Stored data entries
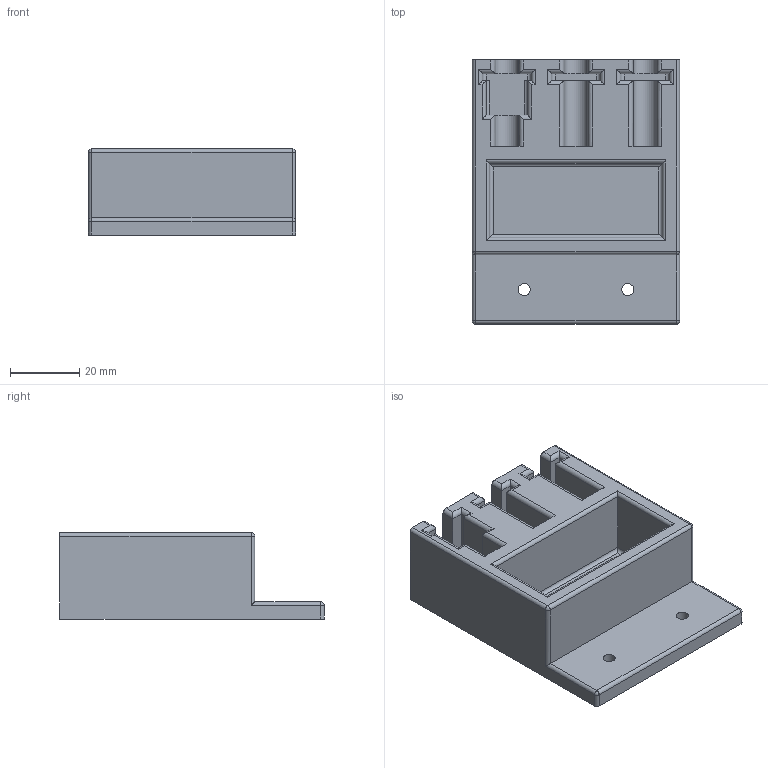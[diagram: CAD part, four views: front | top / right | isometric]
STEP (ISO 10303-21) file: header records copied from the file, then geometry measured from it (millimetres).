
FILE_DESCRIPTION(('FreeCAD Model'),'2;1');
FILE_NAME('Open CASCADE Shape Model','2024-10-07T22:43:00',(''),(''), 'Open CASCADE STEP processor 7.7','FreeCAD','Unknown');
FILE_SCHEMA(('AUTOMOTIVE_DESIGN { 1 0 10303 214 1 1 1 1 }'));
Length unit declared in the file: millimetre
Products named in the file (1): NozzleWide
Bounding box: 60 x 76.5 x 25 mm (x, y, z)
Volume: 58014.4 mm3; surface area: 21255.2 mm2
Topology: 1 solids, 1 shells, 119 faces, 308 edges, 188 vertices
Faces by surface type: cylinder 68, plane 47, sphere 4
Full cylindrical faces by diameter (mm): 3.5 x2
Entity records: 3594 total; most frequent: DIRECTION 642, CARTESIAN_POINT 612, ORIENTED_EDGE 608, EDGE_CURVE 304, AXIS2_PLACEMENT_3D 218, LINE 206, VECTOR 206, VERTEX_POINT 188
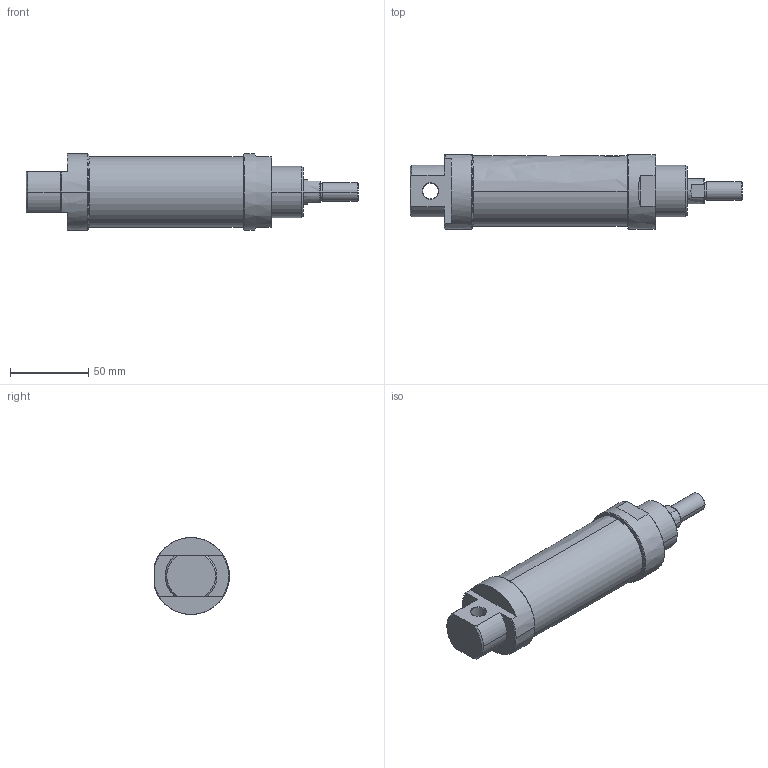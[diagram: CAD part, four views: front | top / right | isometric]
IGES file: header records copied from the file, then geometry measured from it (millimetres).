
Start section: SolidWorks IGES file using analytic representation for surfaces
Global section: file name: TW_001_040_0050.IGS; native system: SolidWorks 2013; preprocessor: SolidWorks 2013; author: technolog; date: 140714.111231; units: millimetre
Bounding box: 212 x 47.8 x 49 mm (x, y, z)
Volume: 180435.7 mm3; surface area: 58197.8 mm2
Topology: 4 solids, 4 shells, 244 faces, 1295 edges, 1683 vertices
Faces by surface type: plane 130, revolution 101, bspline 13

__THE TASK__:
No images belong in the copy. Transcribe every record exactly.

__SOLUTION__:
[diagram: CAD part, four views: front | top / right | isometric]
STEP (ISO 10303-21) file: header records copied from the file, then geometry measured from it (millimetres).
FILE_DESCRIPTION(('FreeCAD Model'),'2;1');
FILE_NAME('Open CASCADE Shape Model','2024-10-07T22:43:00',(''),(''), 'Open CASCADE STEP processor 7.7','FreeCAD','Unknown');
FILE_SCHEMA(('AUTOMOTIVE_DESIGN { 1 0 10303 214 1 1 1 1 }'));
Length unit declared in the file: millimetre
Products named in the file (1): NozzleWide
Bounding box: 60 x 76.5 x 25 mm (x, y, z)
Volume: 58014.4 mm3; surface area: 21255.2 mm2
Topology: 1 solids, 1 shells, 119 faces, 308 edges, 188 vertices
Faces by surface type: cylinder 68, plane 47, sphere 4
Full cylindrical faces by diameter (mm): 3.5 x2
Entity records: 3594 total; most frequent: DIRECTION 642, CARTESIAN_POINT 612, ORIENTED_EDGE 608, EDGE_CURVE 304, AXIS2_PLACEMENT_3D 218, LINE 206, VECTOR 206, VERTEX_POINT 188
[diagram: CAD part, four views: front | top / right | isometric]
IGES file: header records copied from the file, then geometry measured from it (millimetres).
Start section: SolidWorks IGES file using analytic representation for surfaces
Global section: file name: TW_001_040_0050.IGS; native system: SolidWorks 2013; preprocessor: SolidWorks 2013; author: technolog; date: 140714.111231; units: millimetre
Bounding box: 212 x 47.8 x 49 mm (x, y, z)
Volume: 180435.7 mm3; surface area: 58197.8 mm2
Topology: 4 solids, 4 shells, 244 faces, 1295 edges, 1683 vertices
Faces by surface type: plane 130, revolution 101, bspline 13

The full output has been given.